Second and third trimester amniotic fluid mesenchymal stem cells can repopulate a de-cellularized lung scaffold and express lung markers.

BACKGROUND/PURPOSE: This study examined the potential of amniotic fluid mesenchymal stem cells (AF-MSCs) to generate lung precursor cells in vitro and on a xenologous three-dimensional de-cellularized lung scaffold. METHODS: AF-MSCs were isolated from human amniotic fluid obtained from 17-37 weeks gestation. Lung differentiation was induced on Matrigel or on de-cellularized rat lungs intra-tracheally injected with AF-MSCs by culturing with a modification of small airway growth medium (mSAGM) lacking retinoic acid (RA) and triodothyronine (T3) with addition of fibroblast growth factor-10 (FGF10). Cells and scaffolds were characterized by immunofluorescence and RT-PCR for markers of viability, proliferation, and lung distal airway differentiation (TTF-1(+) and SPC(+)) in the absence of markers of brain (TuJ1(-)) and thyroid (Pax8(-)). RESULTS: After culture in mSAGM on either Matrigel or lung scaffolds, there were TTF-1(+)/TuJ1(-)/Pax8(-) cells, indicating a lung precursor phenotype. In addition, SPC(+) cells also evolved suggesting a more mature lung phenotype. CONCLUSIONS: We demonstrate that mid- to late-trimester AF-MSCs can be induced to develop into lung precursor cells when cultured on the appropriate extracellular matrix (ECM), making them a viable source for use in cell therapy or development of an ex vivo tissue engineered lung.

Automated procedure for biomimetic de-cellularized lung scaffold supporting alveolar epithelial transdifferentiation.

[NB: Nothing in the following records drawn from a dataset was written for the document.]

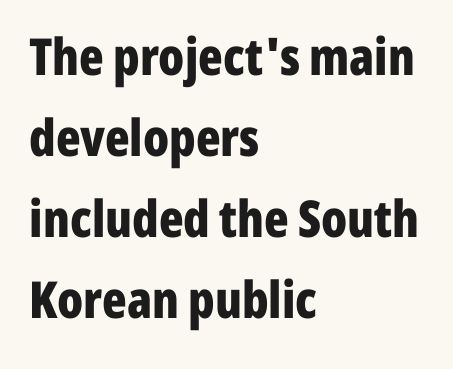
{"serif": "no", "italic": "no", "bold": "yes", "weight": "bold", "width": "condensed", "stroke_contrast": "low", "x_height": "medium", "monospaced": "no", "underline": "no", "align": "left", "line_spacing": "normal", "line_spacing_ratio": 1.59, "letter_spacing": "normal", "letter_spacing_em": 0.0, "glyph_px": 51}
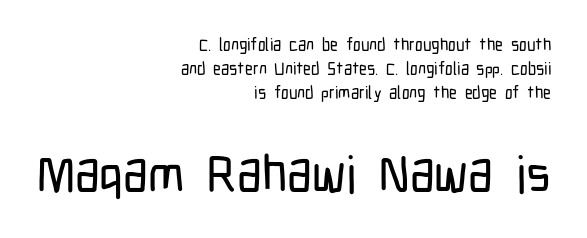
Q: Is the text italic (slanted)? A: No, it is upright.
Q: Is the typeface a serif or a sans-serif typeface? A: Sans-serif.
Q: Is the text underlined? A: No.
Q: How is the paragraph aligned? A: Right-aligned.
Q: Is the spacing between letters normal or unusually wide? A: Normal.
Q: Is the spacing between lines tight, normal or loose? A: Normal.
Q: Which block of text is set in a larger size, the first (top) or the second (bottom)? A: The second (bottom) one.
Q: Width (condensed, normal, or wide)? A: Condensed.
Q: Stroke contrast? A: Low.
Q: x-height? A: Medium.
Q: Monospaced? A: No.
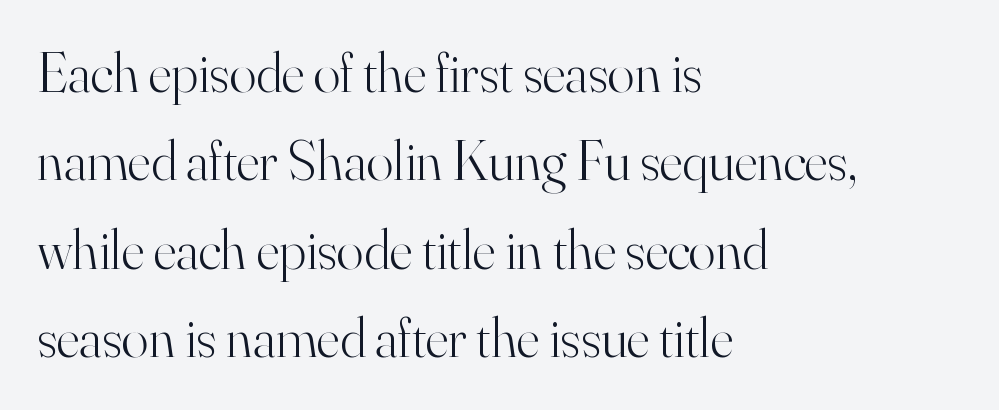
{"serif": "yes", "italic": "no", "bold": "no", "weight": "light", "width": "normal", "stroke_contrast": "high", "x_height": "small", "monospaced": "no", "underline": "no", "align": "left", "line_spacing": "normal", "line_spacing_ratio": 1.58, "letter_spacing": "normal", "letter_spacing_em": 0.0, "glyph_px": 56}
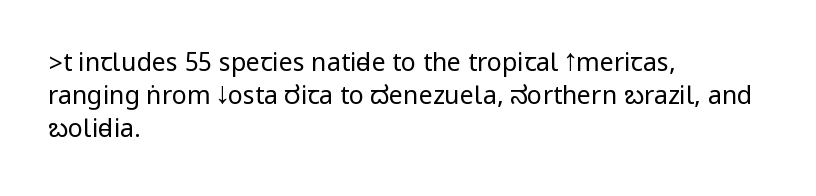
The image shows 25 px text type, upright; set left-aligned, normal line spacing (1.32x), normal letter spacing, not underlined.
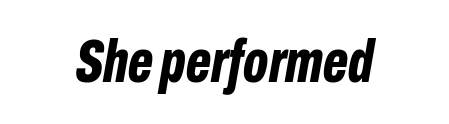
Character widths vary here, with narrow letters taking less room than wide ones. The zone under the glyphs is completely vacant. Observe the ordinary spacing: letters are neighbours, not strangers. In terms of posture, this sample is oblique. Pretty heavy lettering here — definitely bold.
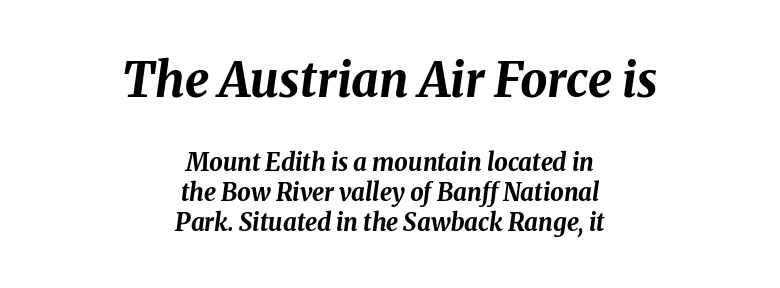
Each glyph is drawn with heavy, bold strokes. Visually, the top section dominates because its glyphs are scaled up. If you measured baseline to baseline, you'd find a middling distance. Beneath every word, the page is bare.
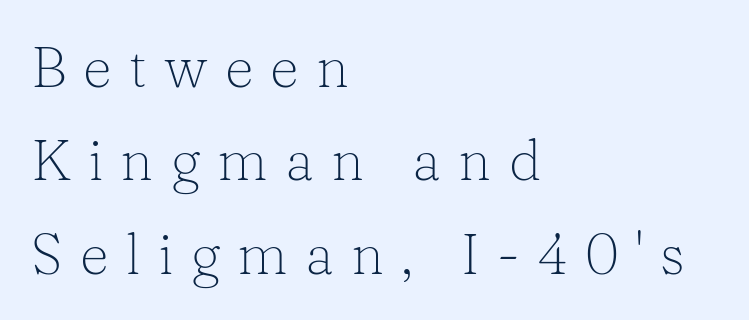
Character widths vary here, with narrow letters taking less room than wide ones. Words float on clear page, feet unadorned. Ink coverage per letter is moderate at most. Leftover space on each line is placed entirely after the last word.
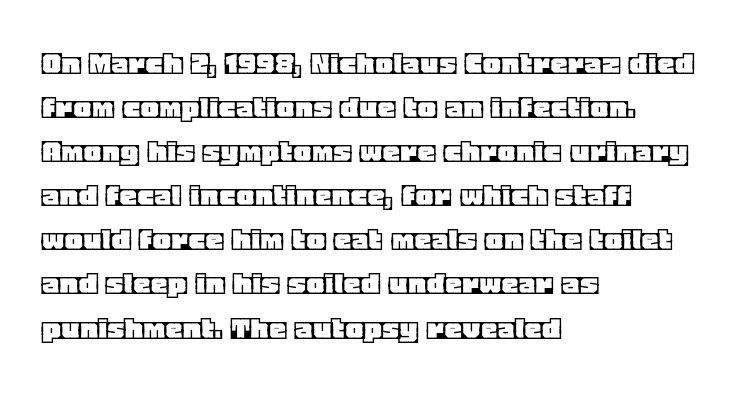
The image shows 35 px text type, upright; set left-aligned, normal line spacing (1.26x), normal letter spacing, not underlined; a large x-height.
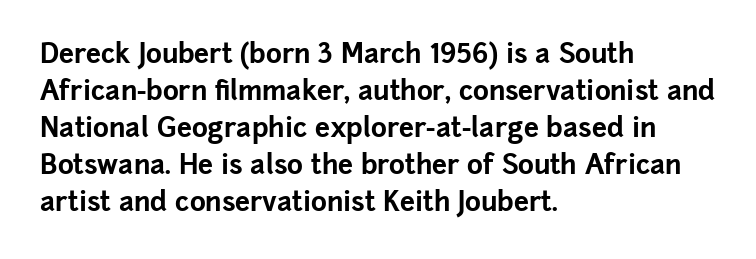
Every character sits straight up, as roman type does. Words appear dense and cohesive because spacing is normal. On the weight axis this lands at bold, roughly 700. In terms of leading, this rendering sits right in the middle.
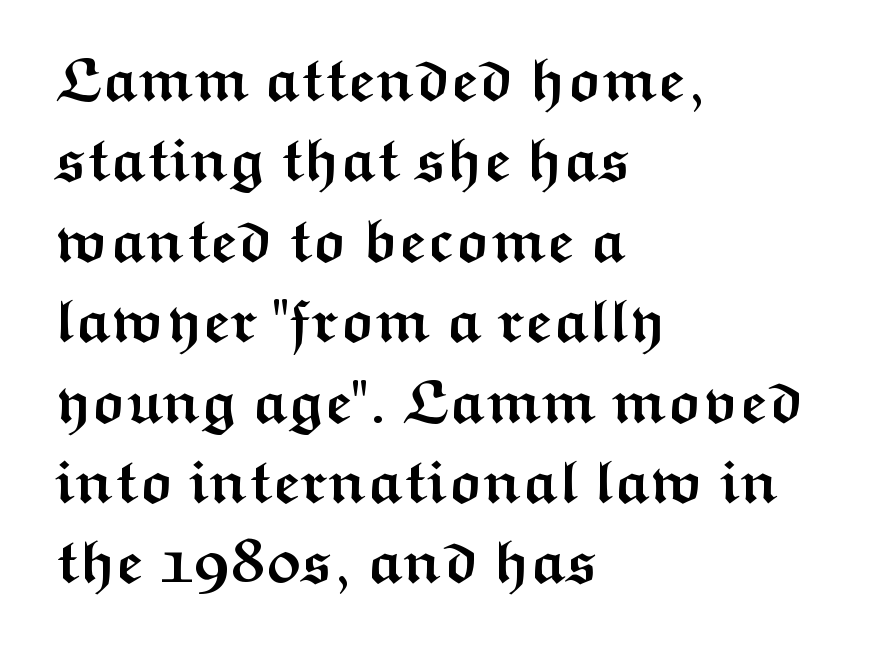
{"serif": "no", "italic": "no", "bold": "yes", "weight": "semibold", "width": "wide", "stroke_contrast": "medium", "x_height": "medium", "monospaced": "no", "underline": "no", "align": "left", "line_spacing": "normal", "line_spacing_ratio": 1.34, "letter_spacing": "normal", "letter_spacing_em": 0.0, "glyph_px": 60}
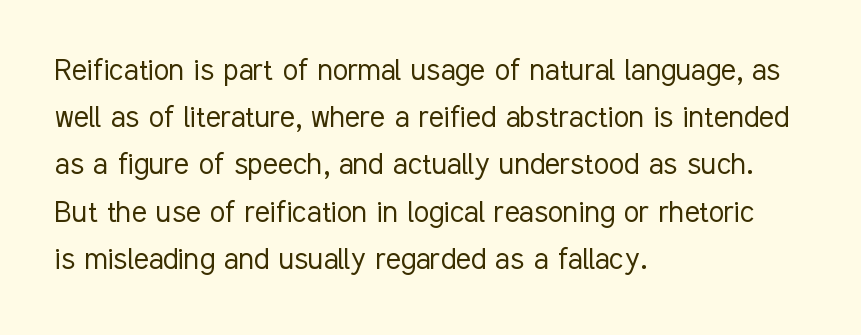
Spacing verdict: proportional, widths tailored to each character. Is there any slant? The stems are plumb. The line-height multiplier appears to be the usual default. Clear beneath every line of the passage. Observe the ordinary spacing: letters are neighbours, not strangers. Unlike a traditional serif, this face leaves its strokes unadorned.
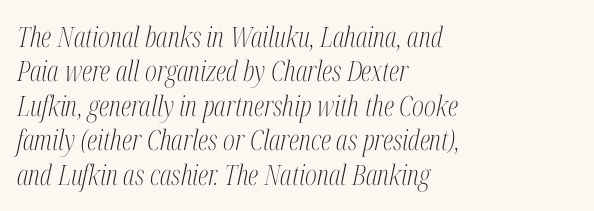
{"serif": "yes", "italic": "yes", "lean": "right", "slant_degrees": 12, "bold": "no", "weight": "light", "width": "condensed", "stroke_contrast": "medium", "x_height": "medium", "monospaced": "no", "underline": "no", "align": "left", "line_spacing_ratio": 1.23, "letter_spacing": "normal", "letter_spacing_em": 0.0, "glyph_px": 28}

The optimal method for creating a de-cellularized lung scaffold that is devoid of cells and cell debris, immunologically inert, and retains necessary extracellular matrix (ECM) has yet to be identified. Herein, we compare automated detergent-based de-cellularization approaches utilizing either constant pressure (CP) or constant flow (CF), to previously published protocols utilizing manual pressure (MP) to instill and rinse out the de-cellularization agents. De-cellularized lungs resulting from each method were evaluated for presence of remaining ECM proteins and immunostimulatory material such as nucleic acids and intracellular material. Our results demonstrate that the CP and MP approaches more effectively remove cellular materials but differentially retain ECM proteins. The CP method has the added benefit of being a faster, reproducible de-cellularization process. To assess the functional ability of the de-cellularized scaffolds to maintain epithelial cells, intra-tracheal inoculation with GFP expressing C10 alveolar epithelial cells (AEC) was performed. Notably, the CP de-cellularized lungs were able to support growth and spontaneous differentiation of C10-GFP cells from a type II-like phenotype to a type I-like phenotype.